Fourth quarter GDP to show businesses spent, but consumers held back

Market Insider

A worker wearing a protective face mask operates a forklift to move boxes of face shields ready for shipment at the Cartamundi-owned Hasbro manufacturing facility in East Longmeadow, Massachusetts, April 29, 2020.

Adam Glanzman | Bloomberg | Getty Images

The economy continued to chug along in the fourth quarter, boosted by a surge in business spending while consumers held back.

Fourth-quarter gross domestic product is reported at 8:30 a.m. ET Thursday. It’s expected to show the economy grew at a 4.3% pace from the prior quarter on an annualized basis, according to Dow Jones.

Year-over-year, the economy is expected to have contracted 3.5% in 2020, according to the CNBC/Moody Analytics Rapid Update survey of economists. It was a year that saw a record pandemic-induced plunge in activity and a sharp snapback. The economy grew by 33.4% in the third quarter, after the second quarter’s sharp contraction of 31.4% The first quarter was also hit by the pandemic, contracting by 5%.
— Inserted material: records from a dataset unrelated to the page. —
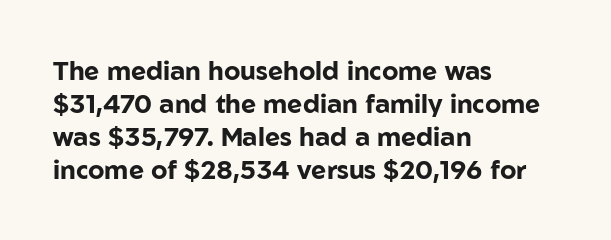
The leading is moderate, giving the passage an even texture. A dark, heavy texture on the line: the type is bold. Descenders hang freely into open space. Letter spacing: default. Notice how the passage keeps a crisp vertical edge on the left only. This is roman type, the default non-slanted kind.
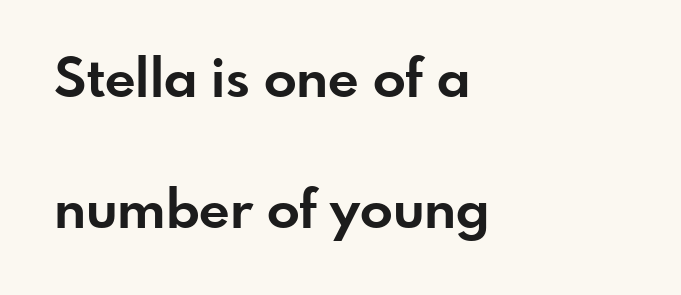
{"serif": "no", "italic": "no", "bold": "yes", "weight": "bold", "width": "normal", "stroke_contrast": "low", "x_height": "small", "monospaced": "no", "underline": "no", "align": "left", "line_spacing": "loose", "line_spacing_ratio": 2.42, "letter_spacing": "normal", "letter_spacing_em": 0.0, "glyph_px": 54}
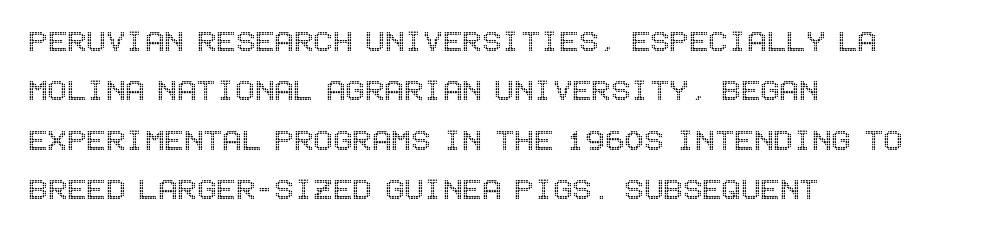
The image shows 36 px condensed type, upright; set left-aligned, normal line spacing (1.37x), normal letter spacing, not underlined; a large x-height.
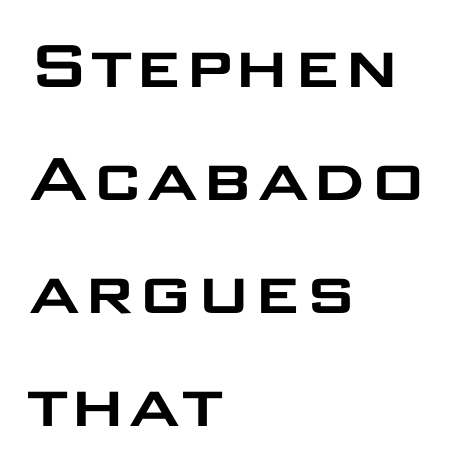
The image shows 78 px wide sans-serif type, upright; set left-aligned, normal line spacing (1.45x), normal letter spacing, not underlined; low stroke contrast and a large x-height.

Economists are watching the fourth quarter report for clues on how the economy entered the first quarter, and how hard the pandemic shutdowns impacted activity at the end of the fourth quarter.

“There might be enough in it to assure people that it’s not going negative in the first quarter,” said Chris Rupkey, chief financial economist at MUFG Union Bank.” Consumer spending was negative three months in a row.”

“A lot of what we’re seeing is inventory build up,” he added. “Inventory build up could be responsible for two or three percentage points. It’s still growth, but it’s not sustainable growth. It was at a low level and now it’s rebuilt.”

Rupkey expects the economy grew by 5% in the fourth quarter, and he forecasts the first quarter could grow by 3.5%.

“It’s a little more in the rearview mirror because we’re wondering what’s going on in the first quarter, and we’re wondering whether the stimulus is going to lift the economy enough to avoid a negative quarter,” Rupkey said. He said the $600 stimulus checks sent to individuals should help first-quarter consumption.

Barclays economists said the durable goods report Wednesday shows that business spending was strong in the fourth quarter.

“These estimates bode well for continued strength in business investment in the current quarter and in Q4,” the economists wrote. They now estimate a 27.4% increase in the fourth quarter over the third quarter in business equipment spending, up from 21.4% before the latest durable goods report.

“December’s core capital goods numbers put equipment investment on track for another robust gain in Q4 2020, and imply solid carryover effects for the rate of increase in the first quarter,” the economists noted.